What is required:
Leave the pictures behind and repeat all the entries exactly.

————

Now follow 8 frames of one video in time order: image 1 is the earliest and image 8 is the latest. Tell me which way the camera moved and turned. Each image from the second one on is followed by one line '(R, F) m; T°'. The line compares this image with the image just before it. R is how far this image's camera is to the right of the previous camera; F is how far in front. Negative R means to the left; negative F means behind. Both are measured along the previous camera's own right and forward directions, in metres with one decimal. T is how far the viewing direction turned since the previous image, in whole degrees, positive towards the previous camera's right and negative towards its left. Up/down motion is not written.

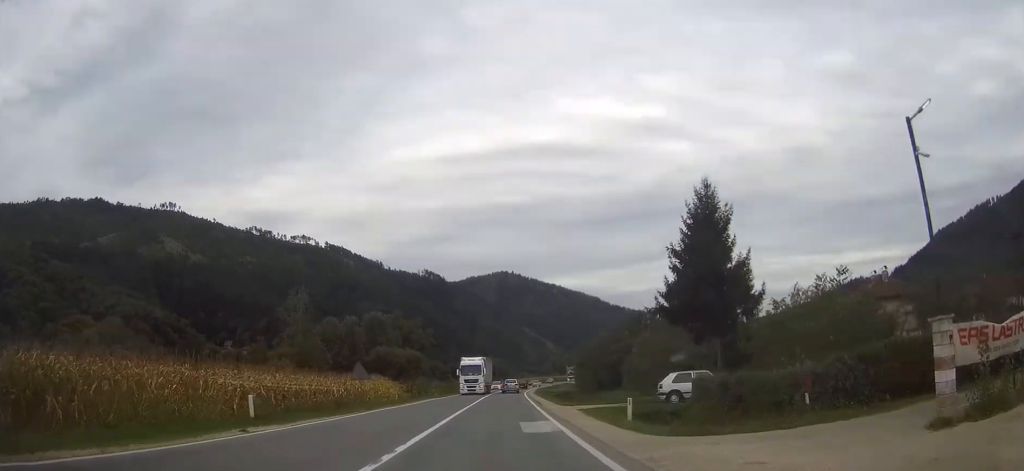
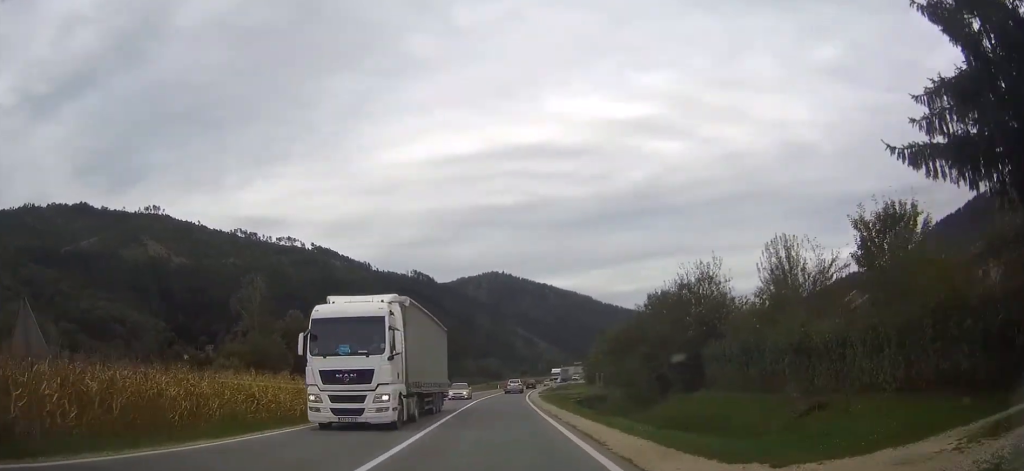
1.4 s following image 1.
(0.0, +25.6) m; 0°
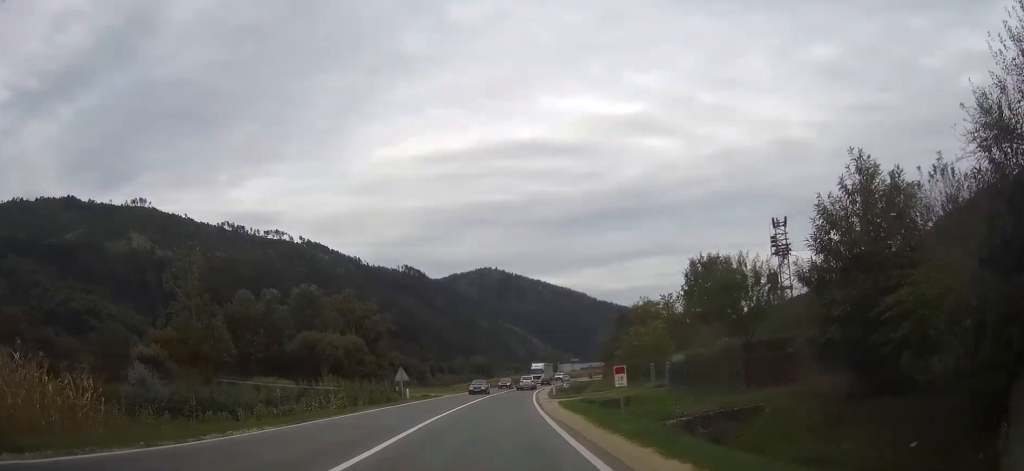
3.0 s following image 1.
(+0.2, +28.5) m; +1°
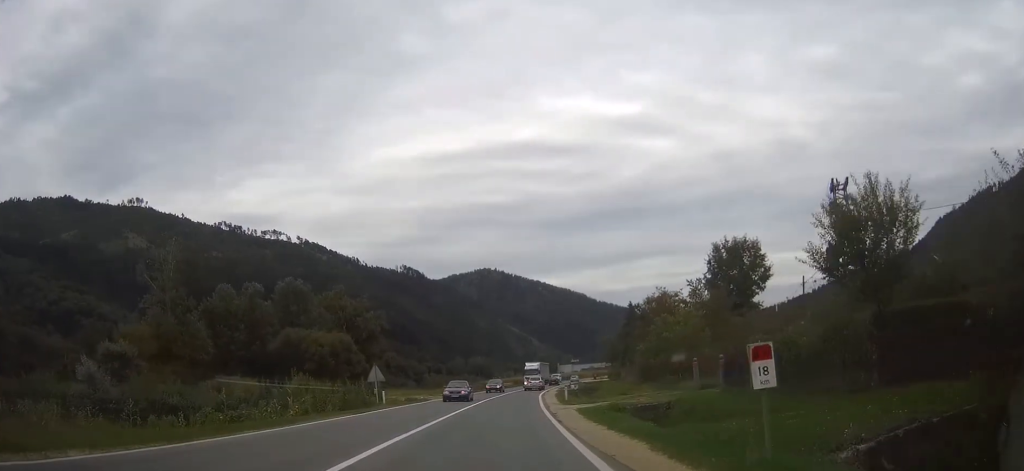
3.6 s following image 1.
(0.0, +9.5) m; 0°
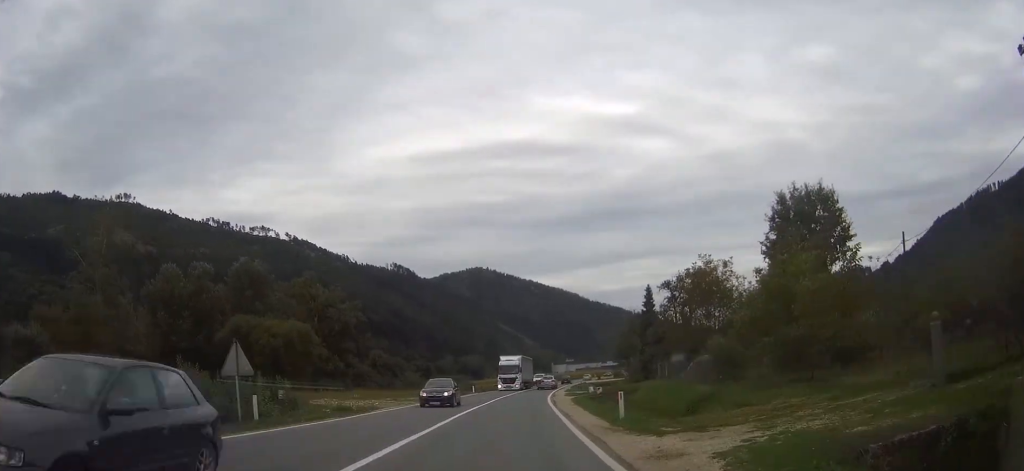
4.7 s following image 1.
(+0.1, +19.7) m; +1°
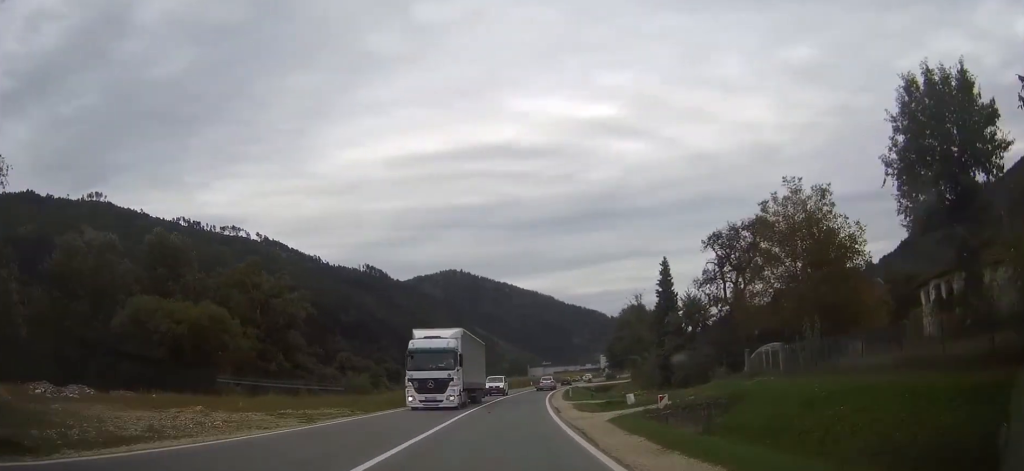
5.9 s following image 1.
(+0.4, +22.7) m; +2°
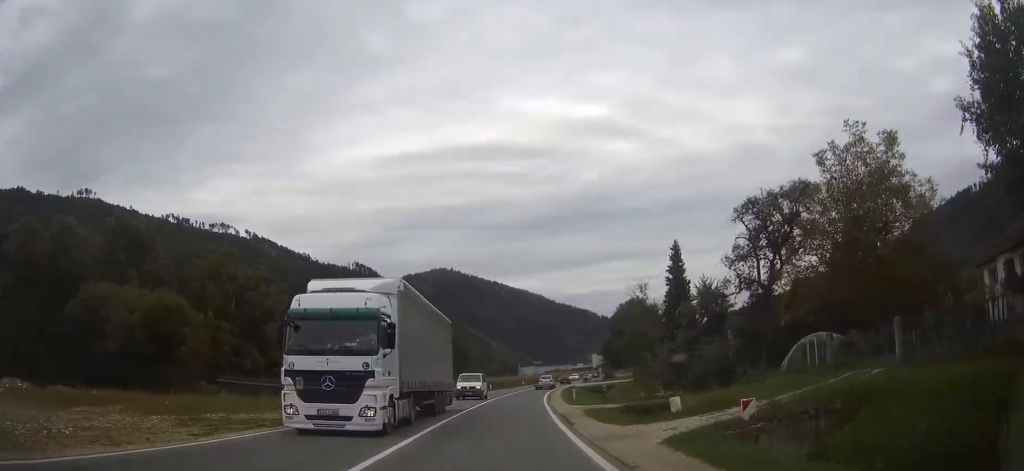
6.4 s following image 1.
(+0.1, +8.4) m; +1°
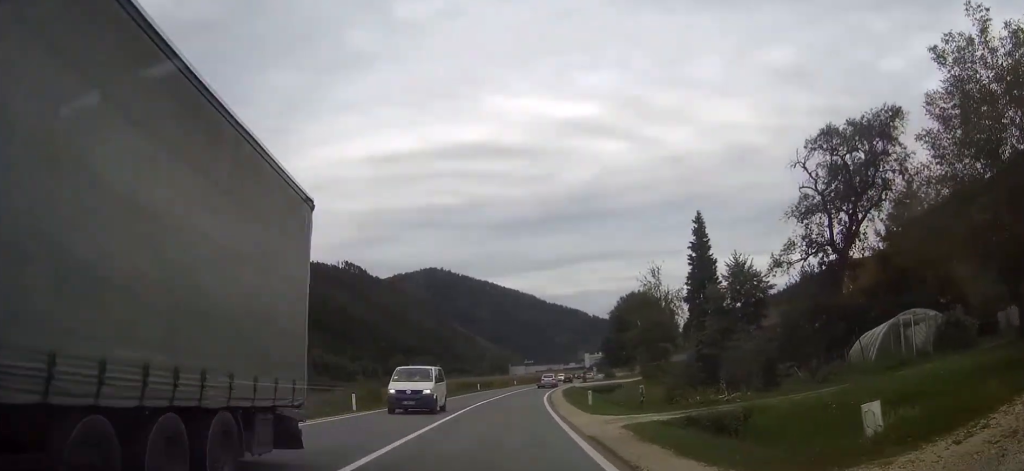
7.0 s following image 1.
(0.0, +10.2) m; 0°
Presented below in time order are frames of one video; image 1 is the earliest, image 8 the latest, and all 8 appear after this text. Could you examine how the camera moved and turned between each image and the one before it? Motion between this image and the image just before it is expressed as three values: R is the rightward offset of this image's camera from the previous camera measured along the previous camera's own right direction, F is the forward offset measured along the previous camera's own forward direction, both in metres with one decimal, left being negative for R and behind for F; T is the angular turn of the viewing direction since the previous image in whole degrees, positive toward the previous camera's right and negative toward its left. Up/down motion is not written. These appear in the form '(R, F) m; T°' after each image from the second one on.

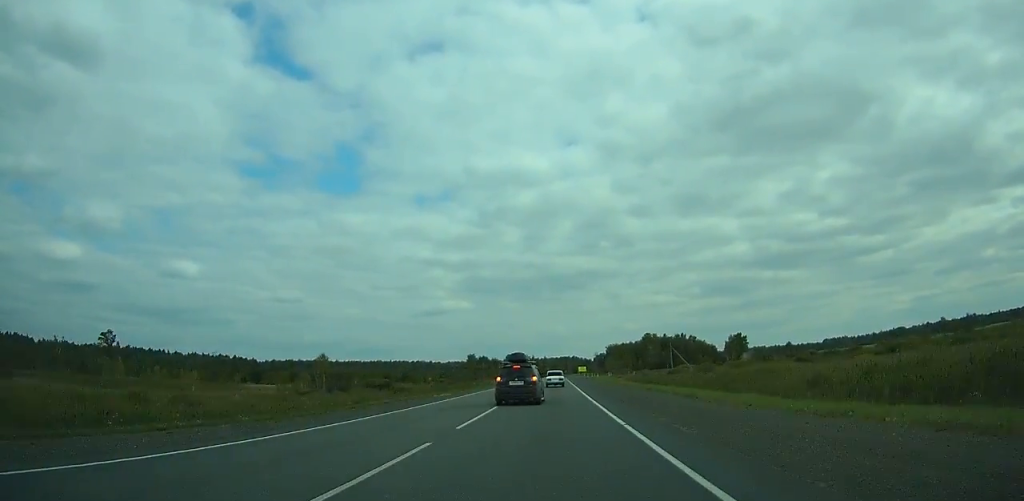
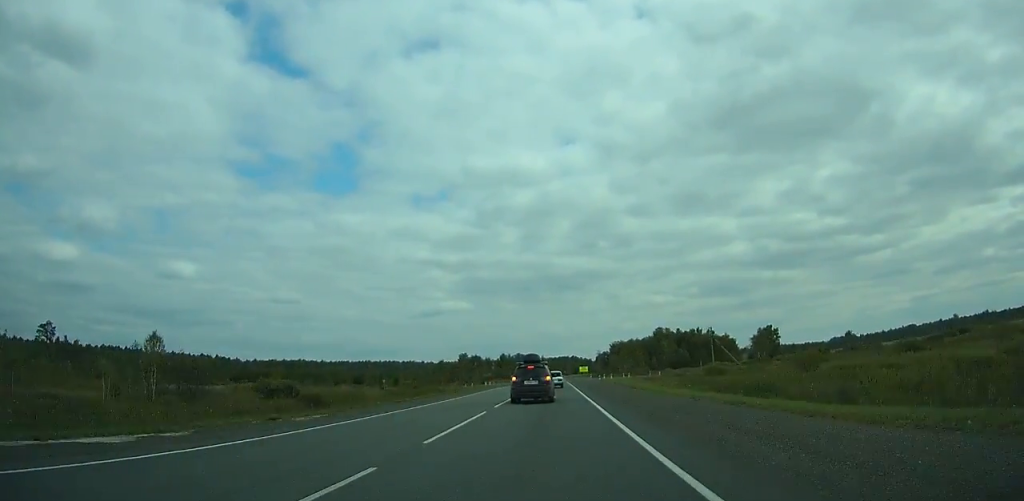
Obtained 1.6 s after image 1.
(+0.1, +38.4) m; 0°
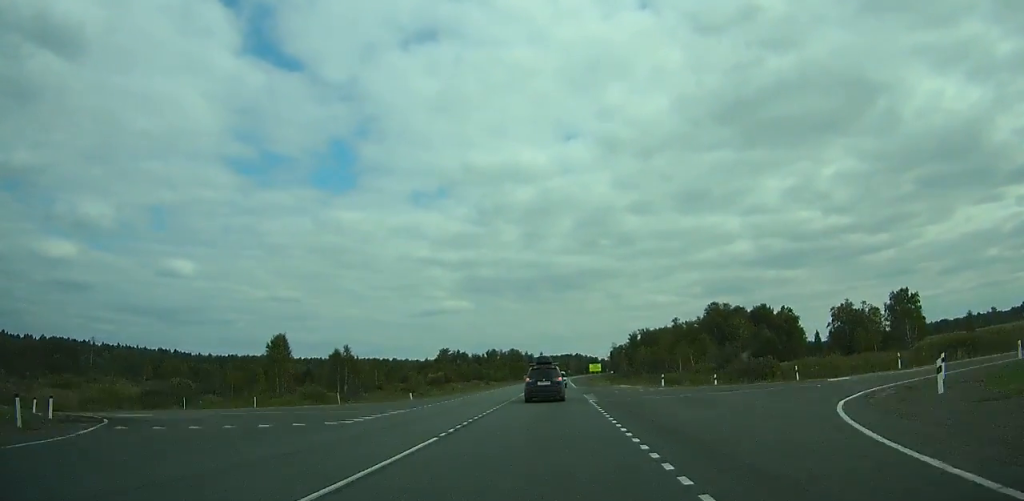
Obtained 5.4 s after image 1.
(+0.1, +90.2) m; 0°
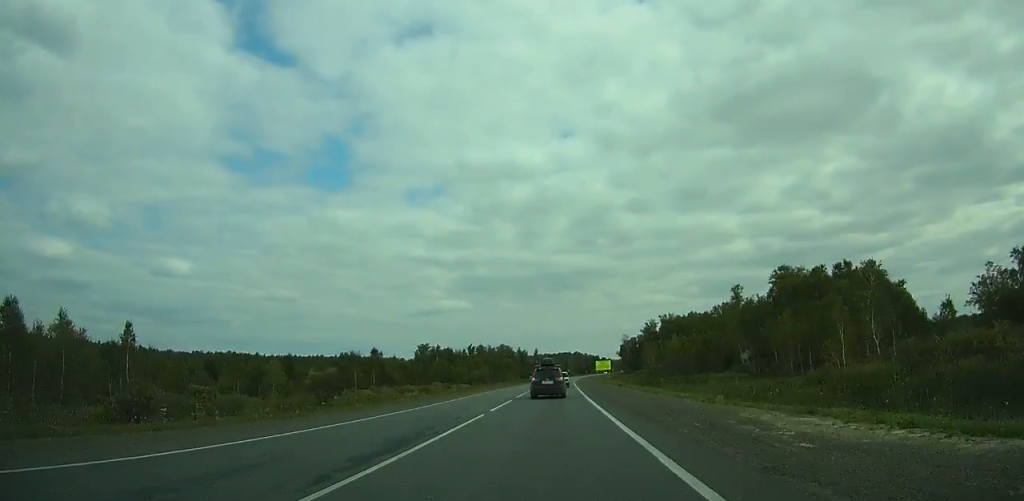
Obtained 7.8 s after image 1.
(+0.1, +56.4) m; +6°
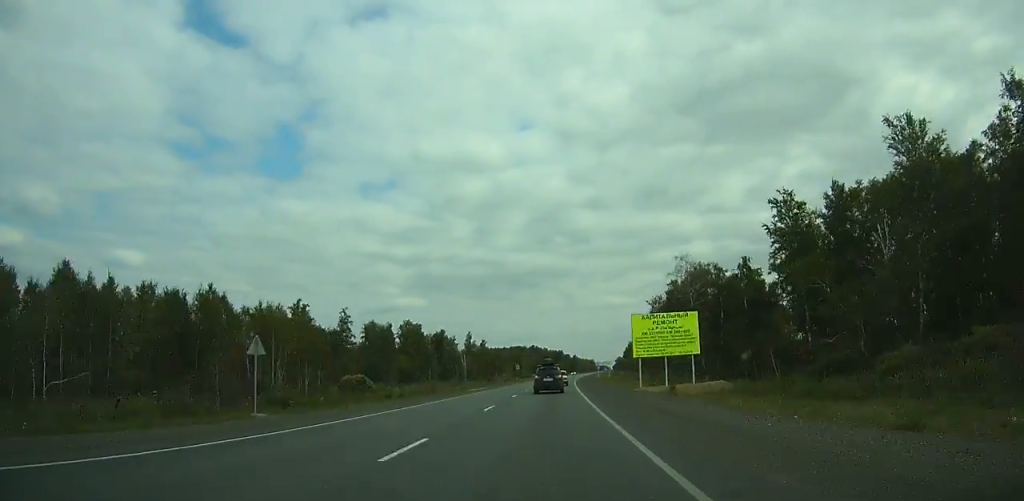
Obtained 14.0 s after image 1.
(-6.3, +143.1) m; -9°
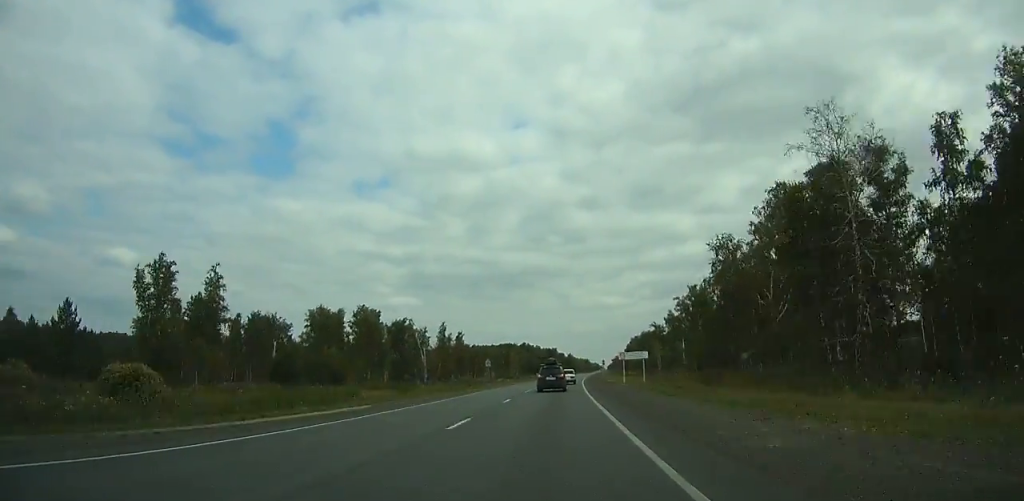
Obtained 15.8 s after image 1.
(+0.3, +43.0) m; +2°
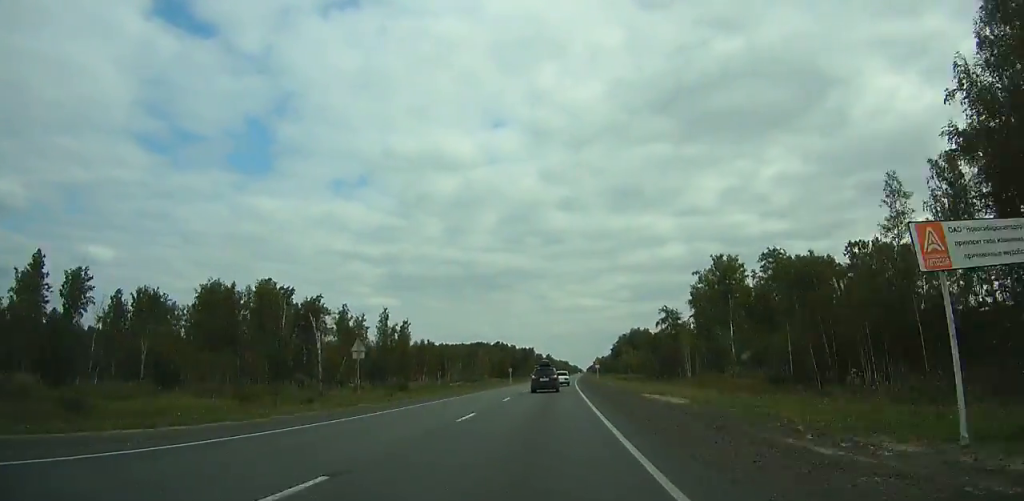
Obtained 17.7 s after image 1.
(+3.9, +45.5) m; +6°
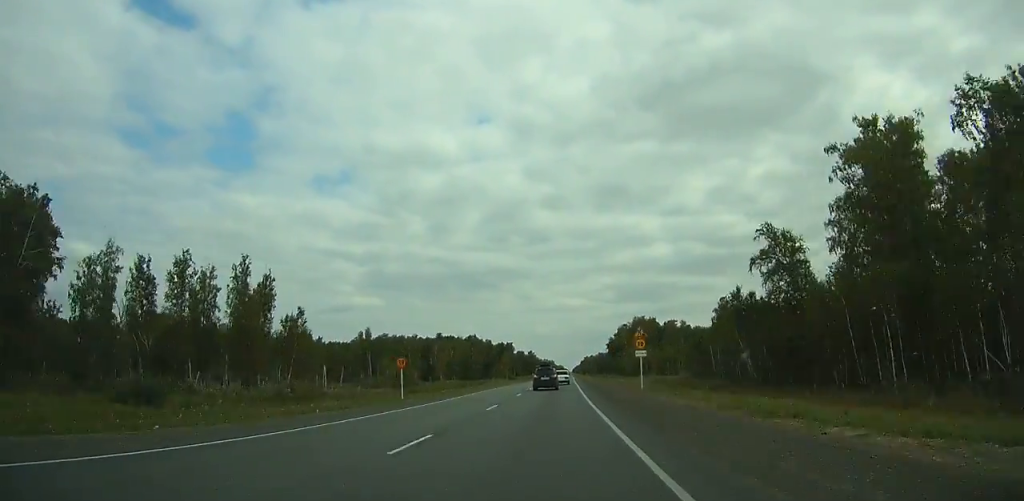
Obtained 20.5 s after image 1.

————

Solution for this exercise:
Now follow 8 frames of one video in time order: image 1 is the earliest and image 8 is the latest. Tell me which way the camera moved and turned. Each image from the second one on is followed by one line '(R, F) m; T°'. The line compares this image with the image just before it. R is how far this image's camera is to the right of the previous camera; F is how far in front. Negative R means to the left; negative F means behind. Both are measured along the previous camera's own right and forward directions, in metres with one decimal. T is how far the viewing direction turned since the previous image, in whole degrees, positive towards the previous camera's right and negative towards its left. Up/down motion is not written.

1.4 s following image 1.
(0.0, +25.6) m; 0°
3.0 s following image 1.
(+0.2, +28.5) m; +1°
3.6 s following image 1.
(0.0, +9.5) m; 0°
4.7 s following image 1.
(+0.1, +19.7) m; +1°
5.9 s following image 1.
(+0.4, +22.7) m; +2°
6.4 s following image 1.
(+0.1, +8.4) m; +1°
7.0 s following image 1.
(0.0, +10.2) m; 0°
Presented below in time order are frames of one video; image 1 is the earliest, image 8 the latest, and all 8 appear after this text. Could you examine how the camera moved and turned between each image and the one before it? Motion between this image and the image just before it is expressed as three values: R is the rightward offset of this image's camera from the previous camera measured along the previous camera's own right direction, F is the forward offset measured along the previous camera's own forward direction, both in metres with one decimal, left being negative for R and behind for F; T is the angular turn of the viewing direction since the previous image in whole degrees, positive toward the previous camera's right and negative toward its left. Up/down motion is not written. These appear in the form '(R, F) m; T°' after each image from the second one on.

Obtained 1.6 s after image 1.
(+0.1, +38.4) m; 0°
Obtained 5.4 s after image 1.
(+0.1, +90.2) m; 0°
Obtained 7.8 s after image 1.
(+0.1, +56.4) m; +6°
Obtained 14.0 s after image 1.
(-6.3, +143.1) m; -9°
Obtained 15.8 s after image 1.
(+0.3, +43.0) m; +2°
Obtained 17.7 s after image 1.
(+3.9, +45.5) m; +6°
Obtained 20.5 s after image 1.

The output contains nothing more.